Problem requirements: Only an exact repetition of the lines from the one holding "Inside the soft pad of a robot's right ring" to the end of the data is wanted, with pictures left out.

** Opening Given records block **

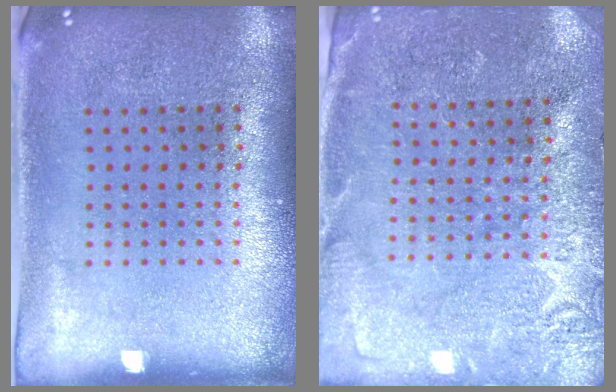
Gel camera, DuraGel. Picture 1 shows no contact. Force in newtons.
{"total": 2.8, "press": 2.8, "slide": 0.1}
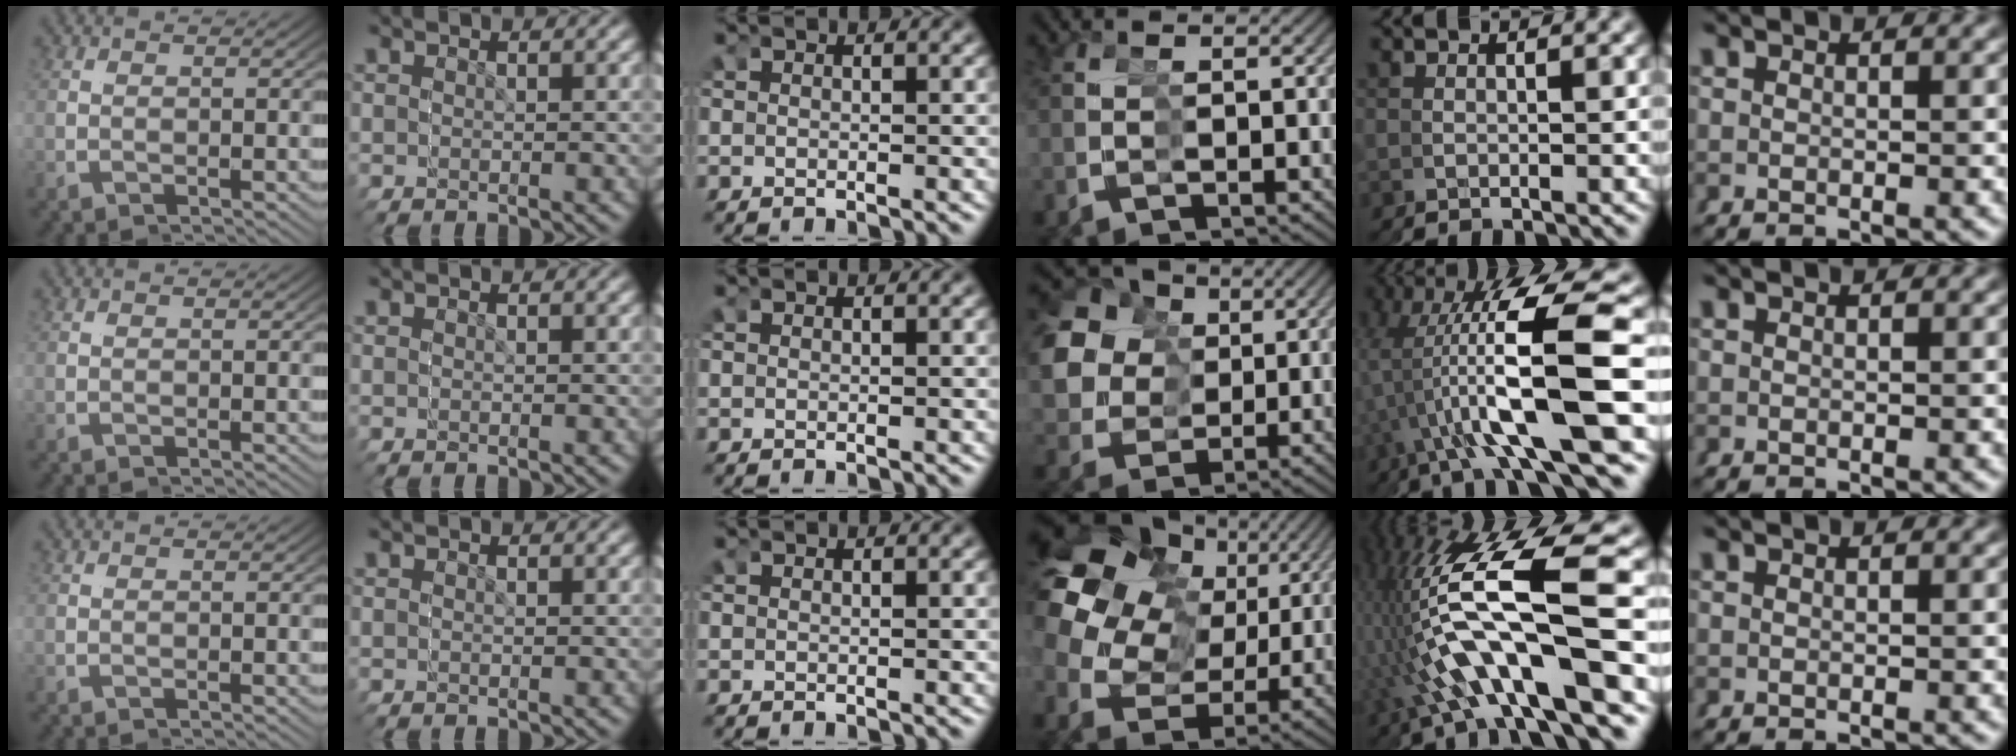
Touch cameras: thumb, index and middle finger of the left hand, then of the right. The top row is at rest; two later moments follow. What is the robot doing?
{"motion": "grasp_and_lifting", "object": "straw"}
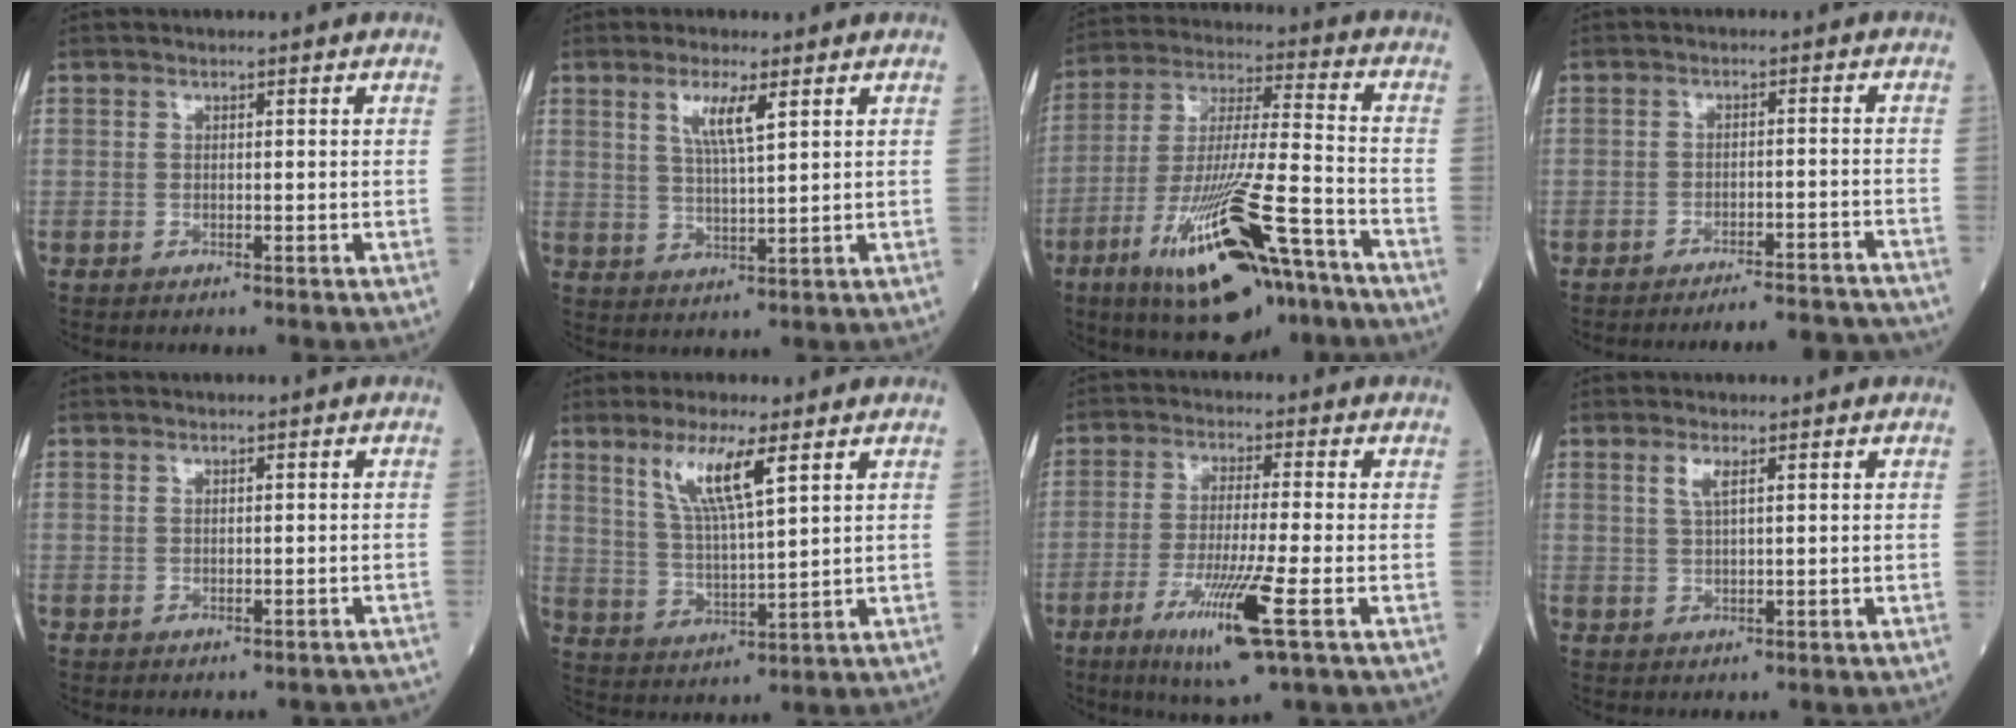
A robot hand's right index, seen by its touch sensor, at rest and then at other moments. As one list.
[{"total": 5.2, "force": [2.6, 0.4, 4.4], "torque": [-0.087, -0.003, 0.051]}, {"total": 21.8, "force": [-12.4, 3.8, 17.6], "torque": [-0.303, -0.030, -0.203]}, {"total": 12.0, "force": [-11.8, 0.2, 2.0], "torque": [-0.007, 0.008, -0.138]}, {"total": 1.5, "force": [-1.2, 0.8, 0.3], "torque": [0.002, 0.008, -0.011]}, {"total": 8.6, "force": [4.7, 0.6, 7.2], "torque": [-0.145, -0.005, 0.095]}, {"total": 10.3, "force": [-4.4, -0.5, 9.2], "torque": [-0.176, -0.031, -0.078]}, {"total": 2.1, "force": [1.2, 0.2, 1.8], "torque": [-0.043, -0.001, 0.027]}]
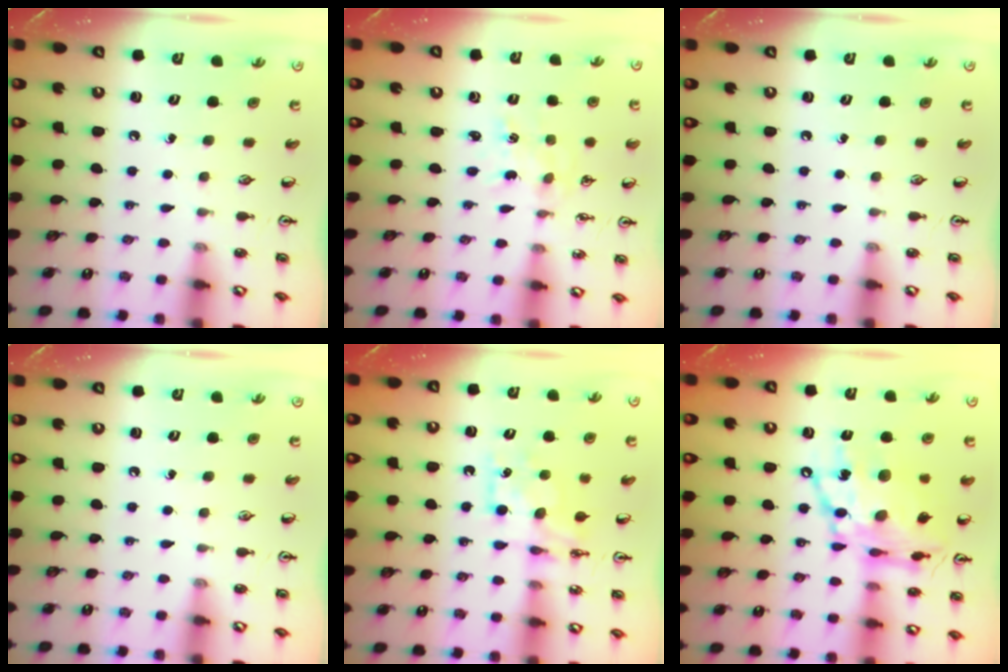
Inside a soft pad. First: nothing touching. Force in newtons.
{"total": 0.0}
{"total": 0.0}
{"total": 0.0}
{"total": 7.7, "press": 7.7, "slide": 0.7}
{"total": 18.3, "press": 18.2, "slide": 1.8}
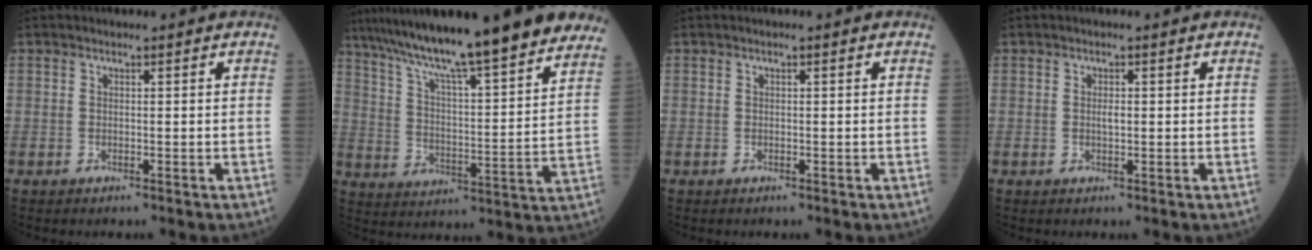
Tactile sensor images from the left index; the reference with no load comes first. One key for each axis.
{"total": 26.4, "fx": 21.8, "fy": 1.6, "fz": 14.8, "tx": -0.238, "ty": -0.006, "tz": 0.309}
{"total": 0.0}
{"total": 1.1, "fx": 0.1, "fy": 0.3, "fz": 1.0, "tx": -0.020, "ty": 0.000, "tz": 0.002}
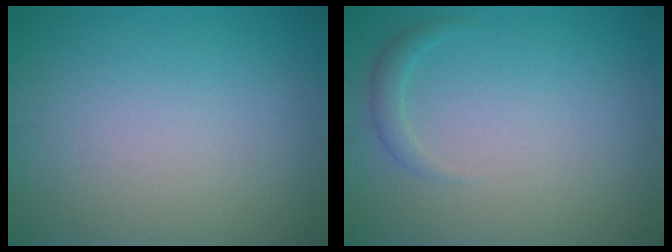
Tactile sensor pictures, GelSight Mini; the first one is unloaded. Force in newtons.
{"total": 1.2, "press": 1.2, "slide": 0.1}
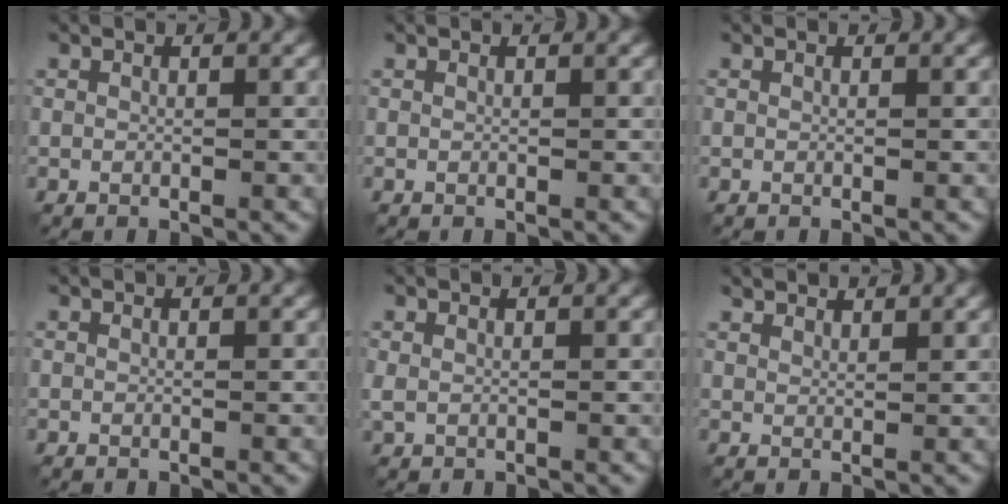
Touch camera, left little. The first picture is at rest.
{"total": 0.0}
{"total": 0.0}
{"total": 0.0}
{"total": 0.7, "force": [0.2, 0.4, 0.6], "torque": [-0.018, 0.000, 0.005]}
{"total": 2.6, "force": [2.4, 0.6, 0.8], "torque": [-0.013, 0.000, 0.042]}
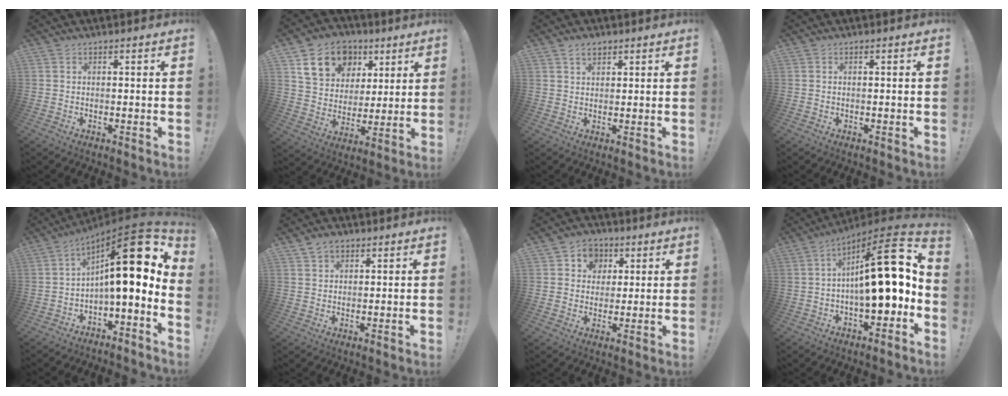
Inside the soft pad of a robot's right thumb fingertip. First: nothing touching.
{"total": 16.9, "force": [8.2, 12.8, 7.4], "torque": [-0.109, -0.029, 0.165]}
{"total": 3.3, "force": [2.2, 1.9, 1.6], "torque": [-0.022, -0.006, 0.038]}
{"total": 0.0}
{"total": 19.3, "force": [5.1, 5.3, 17.8], "torque": [-0.267, -0.030, 0.084]}
{"total": 3.2, "force": [2.0, 2.2, 1.2], "torque": [-0.013, -0.007, 0.035]}
{"total": 7.5, "force": [2.0, 7.0, 1.9], "torque": [-0.020, -0.012, 0.041]}
{"total": 20.0, "force": [1.8, 5.9, 19.0], "torque": [-0.278, -0.009, 0.025]}
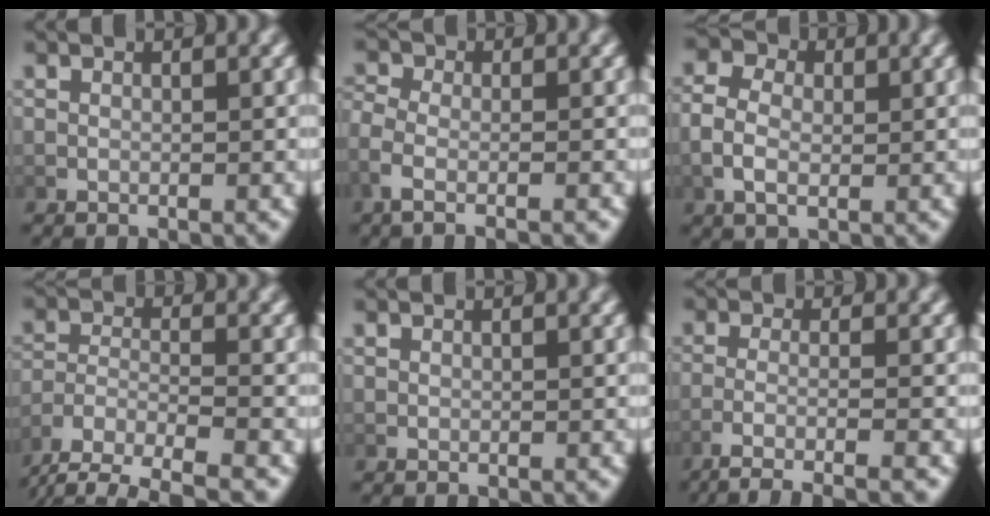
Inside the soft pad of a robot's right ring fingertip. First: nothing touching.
{"total": 3.1, "force": [-1.4, 1.6, 2.3], "torque": [-0.059, -0.005, -0.024]}
{"total": 4.5, "force": [0.4, 3.6, 2.7], "torque": [-0.051, -0.009, 0.008]}
{"total": 5.4, "force": [-3.1, 3.2, 3.1], "torque": [-0.080, -0.026, -0.044]}
{"total": 0.0}
{"total": 7.0, "force": [-5.4, 1.4, 4.1], "torque": [-0.075, -0.026, -0.069]}
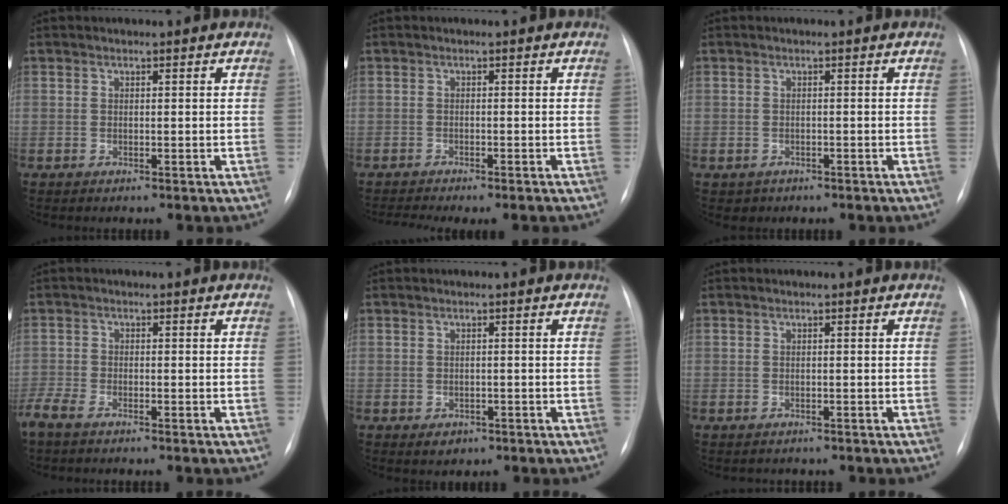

** Closing Given records block **

Finished exercise:
Inside the soft pad of a robot's right ring fingertip. First: nothing touching.
{"total": 3.1, "force": [-1.4, 1.6, 2.3], "torque": [-0.059, -0.005, -0.024]}
{"total": 4.5, "force": [0.4, 3.6, 2.7], "torque": [-0.051, -0.009, 0.008]}
{"total": 5.4, "force": [-3.1, 3.2, 3.1], "torque": [-0.080, -0.026, -0.044]}
{"total": 0.0}
{"total": 7.0, "force": [-5.4, 1.4, 4.1], "torque": [-0.075, -0.026, -0.069]}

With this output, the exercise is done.